Why You Need to Compete for Employees Like You Do for Customers

Story Highlights

  • People assess jobs the same way they assess products
  • Ensure your culture feels genuine in the employee experience every day
  • Continually "re-recruit" employees throughout their career

Employees are now consumers of the workplace. A new generation of worker expectations, greater workplace transparency and a tightening labor market have driven companies to compete for candidates just as fiercely as their products have to compete for customers.

In fact, the practice of looking for a job is so similar to that of looking for a product that "job shopping" is becoming a common term among employees. It makes sense; consumers have access to products and customer service at their fingertips, 24/7, and can easily compare prices, reviews, quality and service.

The reality of today's fast-paced and flexible marketplace is that it conditions people to expect everything to be configured to their preferences -- including jobs.

The most sought-after candidates expect (and can get) meaning in their work, a supportive, collaborative environment, and an employer that can match the lifestyle they want to enjoy.

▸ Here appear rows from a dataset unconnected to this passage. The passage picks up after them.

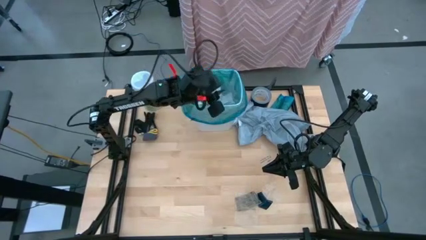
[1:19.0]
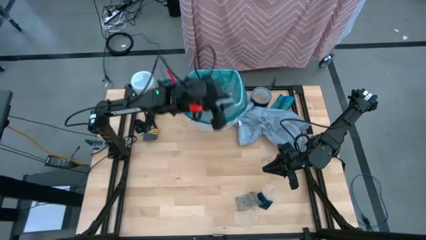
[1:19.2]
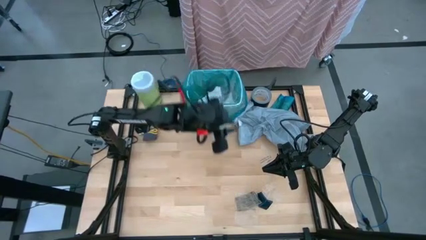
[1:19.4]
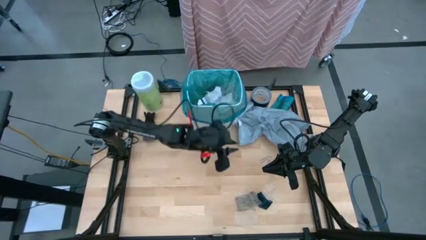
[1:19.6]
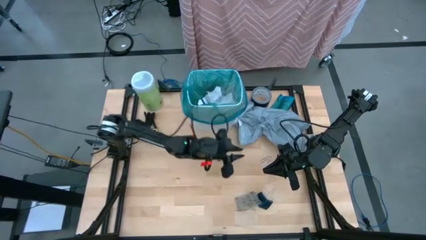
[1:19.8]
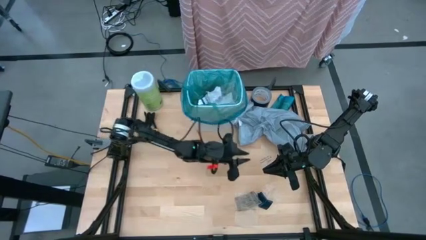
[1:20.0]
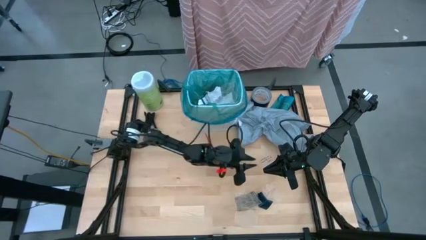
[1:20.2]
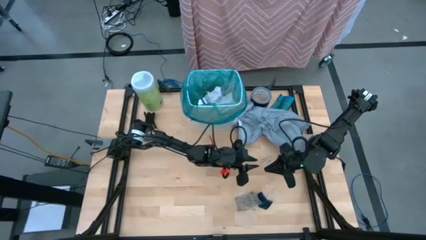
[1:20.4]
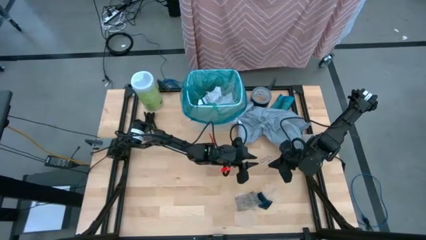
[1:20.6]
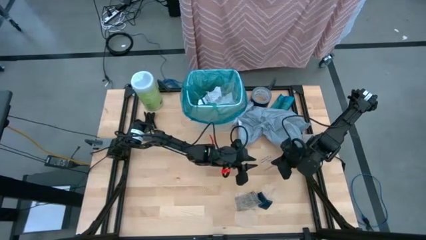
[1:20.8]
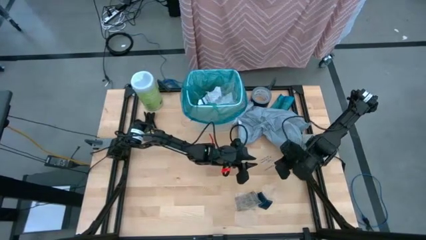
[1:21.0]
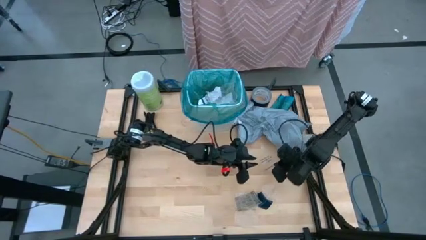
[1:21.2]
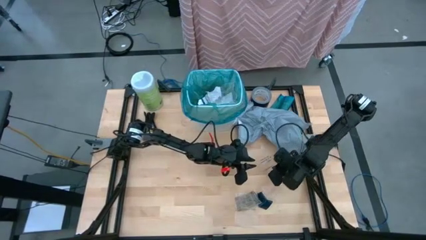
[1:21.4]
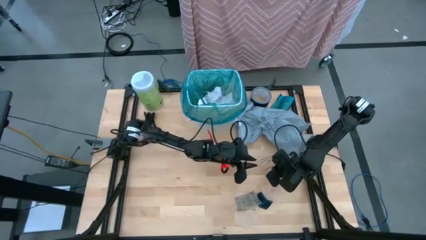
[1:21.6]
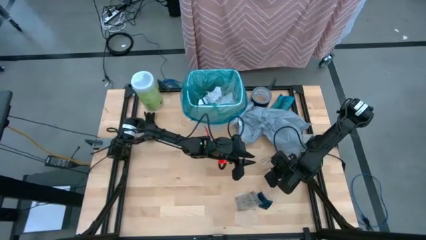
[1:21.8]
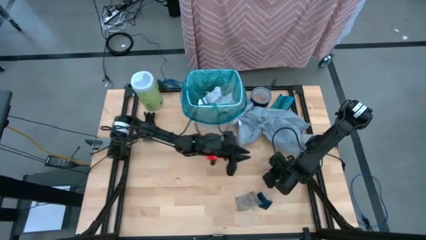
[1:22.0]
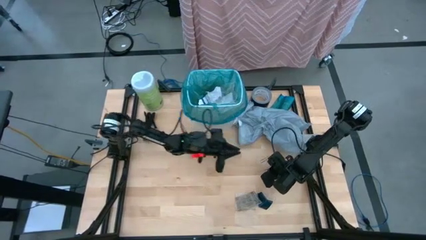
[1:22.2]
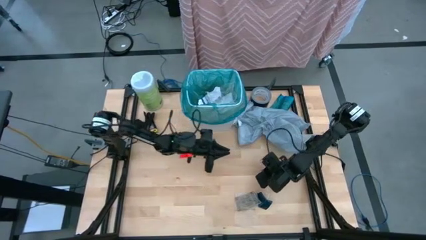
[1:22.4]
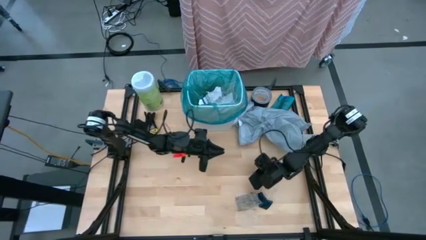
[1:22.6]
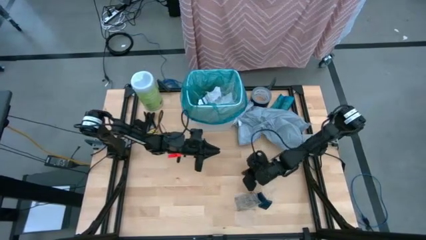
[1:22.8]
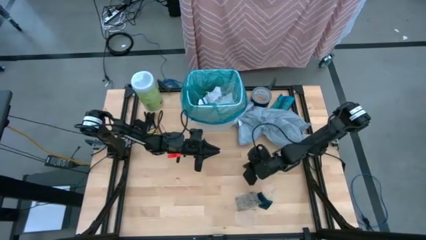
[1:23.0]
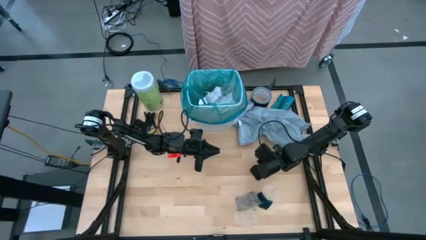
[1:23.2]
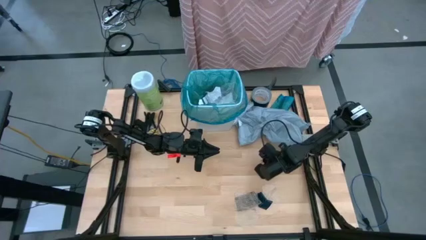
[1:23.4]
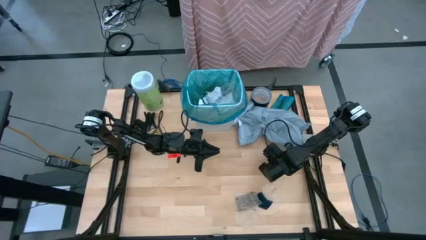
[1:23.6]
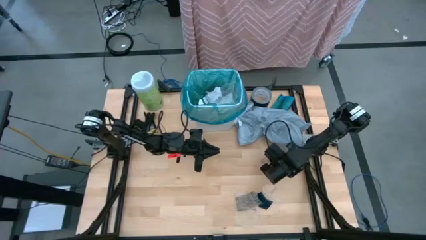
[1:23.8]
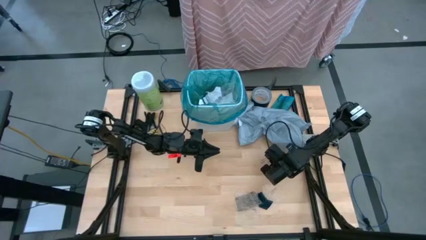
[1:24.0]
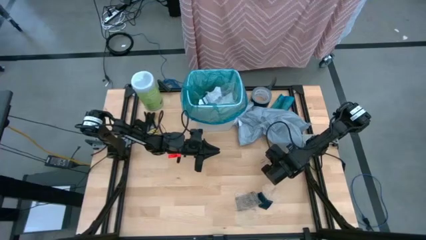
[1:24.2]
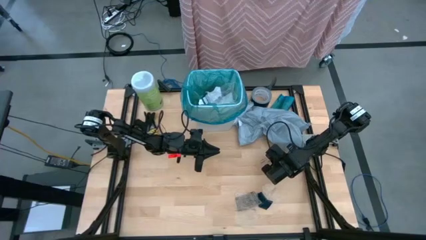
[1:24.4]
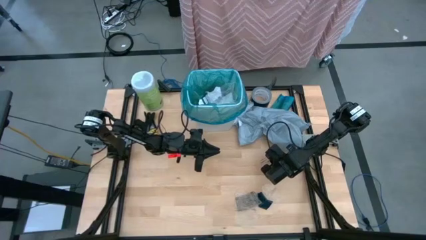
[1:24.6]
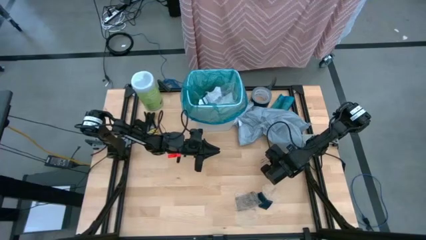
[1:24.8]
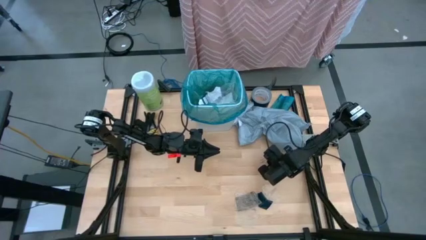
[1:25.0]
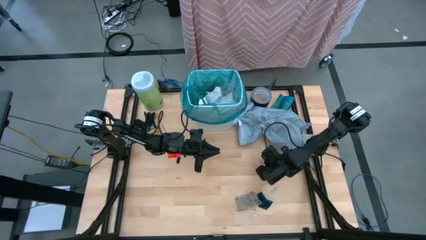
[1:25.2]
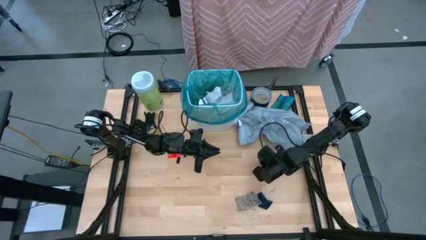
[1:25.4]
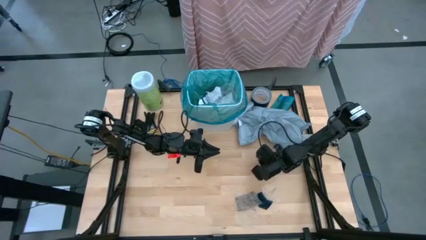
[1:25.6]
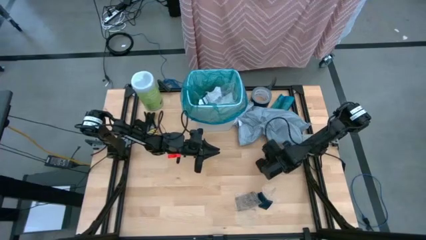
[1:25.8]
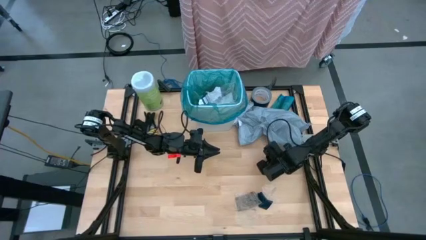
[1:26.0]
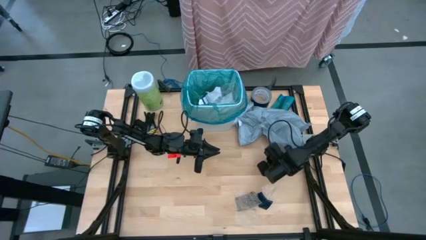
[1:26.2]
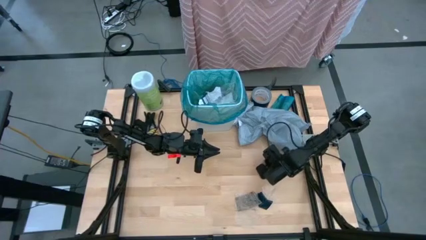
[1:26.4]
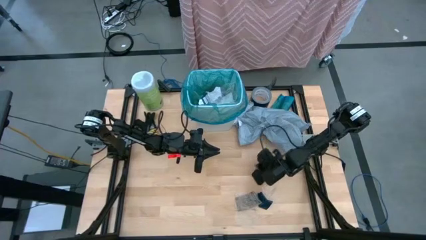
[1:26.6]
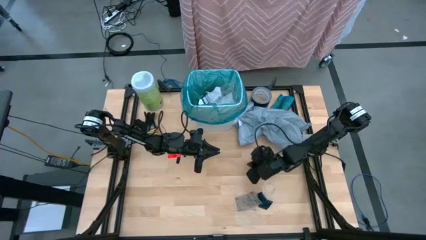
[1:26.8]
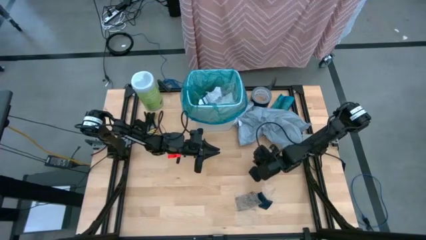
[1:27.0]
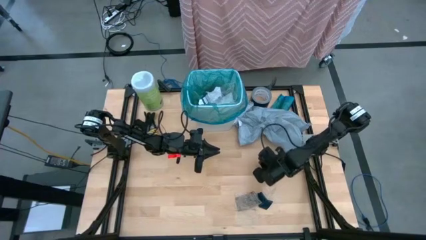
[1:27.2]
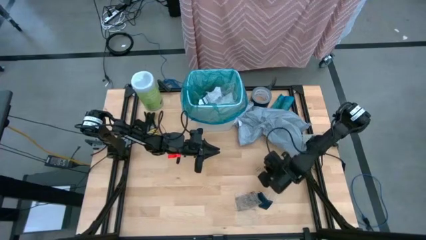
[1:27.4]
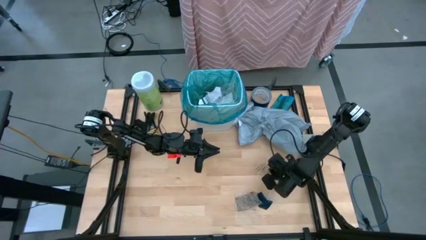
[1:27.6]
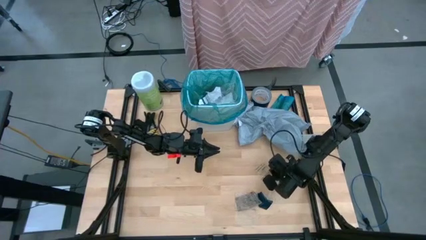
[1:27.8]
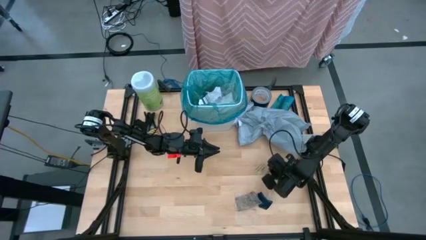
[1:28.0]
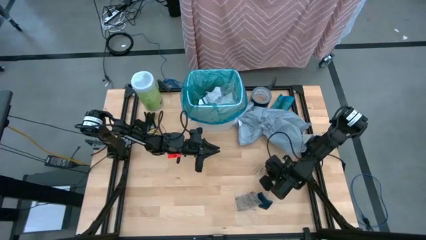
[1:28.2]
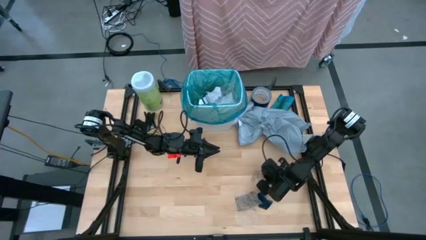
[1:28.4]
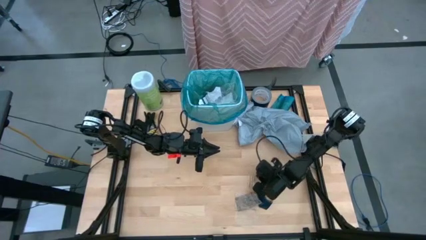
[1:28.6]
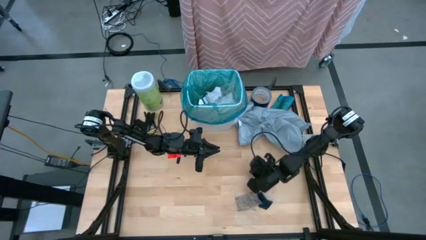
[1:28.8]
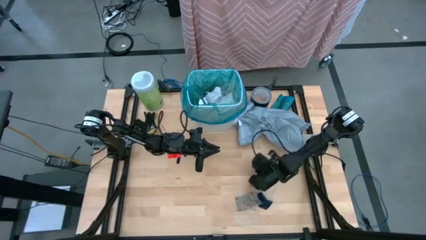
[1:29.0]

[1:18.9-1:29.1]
Put the transparent plastic material into the trash bin

And companies like Glassdoor make it easy to anonymously review companies and managers. That gives workers the chance to consider insider reviews about companies and job opportunities in the same way they scroll through Airbnb and Amazon reviews. LinkedIn and Indeed make regular job recommendations -- even if you don't say you're looking -- and social media offers people a platform to give their subjective views of their employer.

So, in today's world, what happens at work does not stay at work -- it ends up on the internet in real time. Smart companies recognize this fact as a rich opportunity to get their employment brand promise into the marketplace. But just as products have to meet the demands of the customer, jobs have to meet the demands of the worker.

What Workers Want

A paycheck, a decent benefits package and paid vacation aren't enough to win today's job shoppers anymore. The most sought-after candidates expect (and can get) meaning in their work, a supportive, collaborative environment, and an employer that matches the lifestyle they want to enjoy. In a labor market as tight as this, your organization needs a message that resonates with your best candidates.

The future of your workforce depends on building your bench. To compete in this labor market, companies need to communicate a winning employment value proposition. Represent your culture and define your employment brand strategically around these three requirements:

1. Where your ideal candidates are is where you should be.

All organizations have an employment brand...but it may or may not be one that leaders want to advertise.

Former and current employees can easily share their impressions of you globally, with a powerful impact on your recruiting, for good or ill.

Changing candidates' impressions can be done with careful brand management -- but that brand proposition must be relayed consistently, it must be accurate, and it has to reach candidates on the channels they use and in the language they speak.

There are a lot of ways to do it. Many companies host public events to extend their brand to potential candidates (and customers), some fund charities and community activities, and more and more have social media sites for employees to use.

Former and current employees can easily share their impressions of you globally, with a powerful impact on your recruiting, for good or ill.

Professional networking events, campus recruiting, job advertisements, and online job boards (e.g., Glassdoor, LinkedIn, Indeed) can be effective as long as they reach the right audience, your messaging is authentic to your organization, and you use them to portray the first-person experience of engaged employees.

When claiming and managing your employment brand, ask yourself:

  • Who is in our target market, and where will these ideal candidates find us?
  • How is our culture reflected in our branding and job advertisements?
  • What attracted our best candidates to us, and what do they want out of a career?
  • How are we tracking where our best candidates come from and what they want?

2. Deliver an exceptional employee experience in every stage of the employee life cycle.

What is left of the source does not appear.